Desymbolizer

A friend of mine is learning Greek before he goes to theological college, and is getting in a mess over fonts. He keeps finding that if he copies and pastes some Greek, it magically turns into transliterated Latin letters. Guess what? It’s the Symbol font problem again.

It’s 4.30am and I’m awake and jet-lagged so, to help him out, and anyone else who doesn’t have Symbol installed but may want to read some text written to require it, I’ve written the Desymbolizer. You paste some text designed for Symbol into the text box, and it gives it back to you as the correct Unicode codepoints (encoded as HTML numeric entities).

You can try it out with text from greekbible.com.

6 thoughts on “Desymbolizer

  1. If your friend is planning on doing any Greek scholarship along the way then it is probably wise to head over to the B-Greek discussion group and learn their transliteration scheme.

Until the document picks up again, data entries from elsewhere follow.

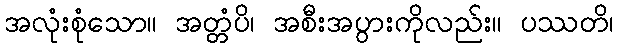
အလုံးစုံသော။ အတ္တံပိ၊ အစီးအပွားကိုလည်း။ ပဿတိ၊
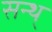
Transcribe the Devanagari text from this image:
सन्थ्
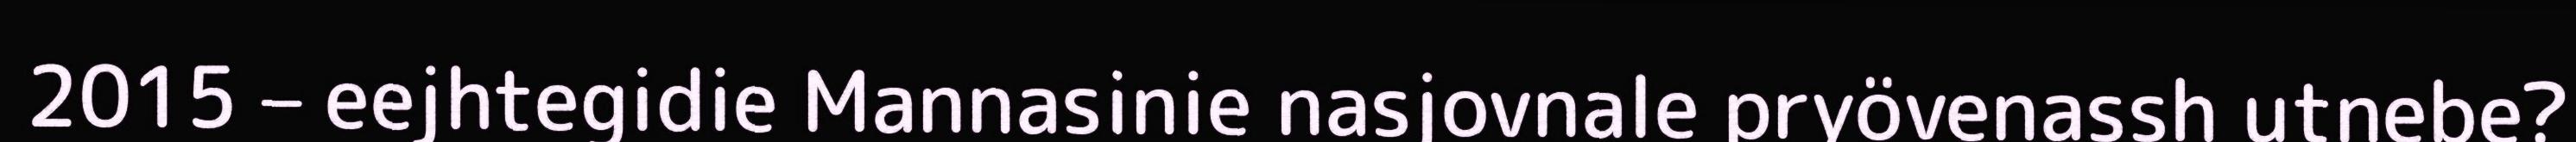
2015 – eejhtegidie Mannasinie nasjovnale pryövenassh utnebe?
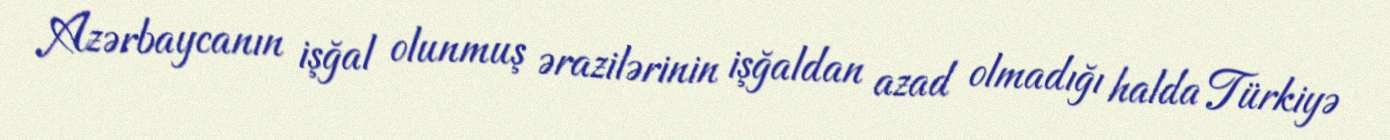
Azərbaycanın işğal olunmuş ərazilərinin işğaldan azad olmadığı halda Türkiyə
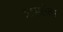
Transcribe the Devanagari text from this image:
त्रासलेला
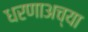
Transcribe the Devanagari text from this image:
धरणाअच्या
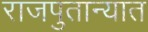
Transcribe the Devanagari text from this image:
राजपुतान्यात

    It’s in their FAQ: http://www.ibiblio.org/bgreek/faq.txt

    There are also some standardized Greek fonts for use in publication to journals. However, it depends on the journal as to which font they use for their Greek transcription.

    Yours,
    Matt

  2. Why entity codes and not the direct UTF-8 characters? Or am I missing something (which given my patchy knowledge of Unicode is entirely possible)?

  3. No particular reason – only that I didn’t want to think about how to make it possible to have a ISO-8859-1 form in a UTF-8 page (which it would have to be to use raw characters).

  4. I don’t think this is what you’re mate is after, but it’s worth knowing about anyway: this is a nifty (Word) font converter that turns Hebrew or Greek or Syriac from a number of the main “legacy” true-type fonts and converts them to the Unicode equivalents. I’ve done some pretty demanding stuff with them, it works very well. (Ususual disclaimers, YMMV, etc.)

  5. I wrote a bookmarklet to do much the same as this a few years ago. I don’t think I still have it, but it wouldn’t be hard to reconstruct. The advantage is that with one click it converts all the Symbol font text on a page to Unicode in place, and from then on you can copy and paste directly from the page without going through an intermediate stage.